## Directions for this task
Your task is to set down the line containing "Q: How is the" and every later line of the entries, word for word, including the last.

## Source data
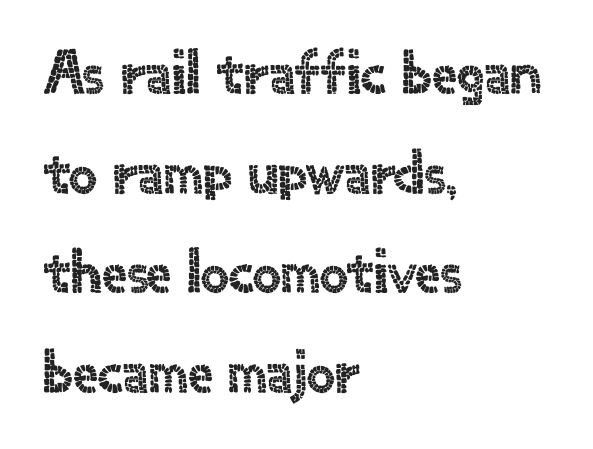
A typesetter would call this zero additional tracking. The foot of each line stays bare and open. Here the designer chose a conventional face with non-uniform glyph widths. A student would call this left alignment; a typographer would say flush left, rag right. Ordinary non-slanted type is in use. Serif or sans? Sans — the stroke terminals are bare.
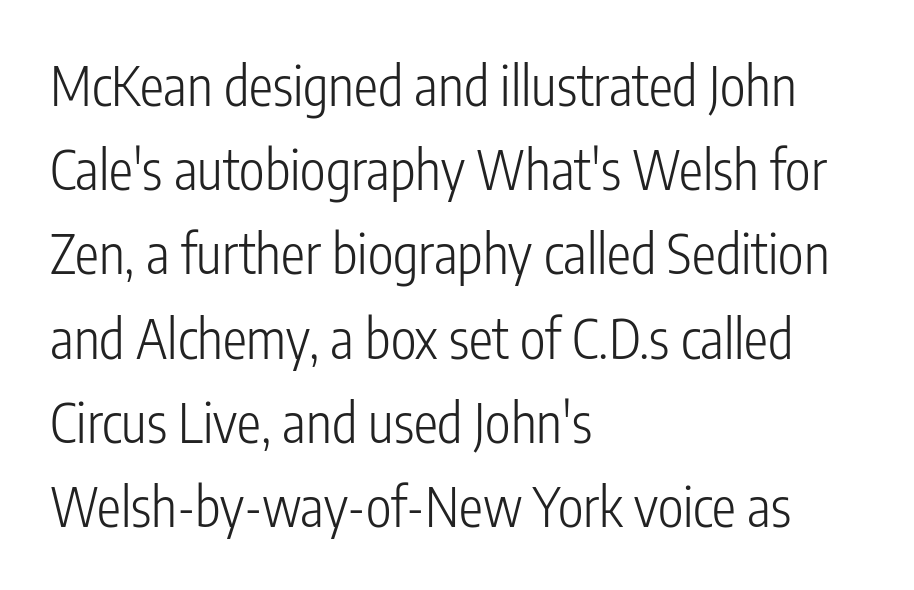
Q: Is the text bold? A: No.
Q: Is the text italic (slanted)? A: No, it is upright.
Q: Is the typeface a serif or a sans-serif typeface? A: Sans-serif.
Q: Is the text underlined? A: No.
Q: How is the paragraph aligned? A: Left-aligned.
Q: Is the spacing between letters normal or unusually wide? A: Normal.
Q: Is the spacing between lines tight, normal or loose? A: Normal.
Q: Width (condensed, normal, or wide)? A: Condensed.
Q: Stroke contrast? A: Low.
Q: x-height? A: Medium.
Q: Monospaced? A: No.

## Result for this task
Q: How is the paragraph aligned? A: Left-aligned.
Q: Is the spacing between letters normal or unusually wide? A: Normal.
Q: Is the spacing between lines tight, normal or loose? A: Normal.
Q: Width (condensed, normal, or wide)? A: Condensed.
Q: Stroke contrast? A: Low.
Q: x-height? A: Medium.
Q: Monospaced? A: No.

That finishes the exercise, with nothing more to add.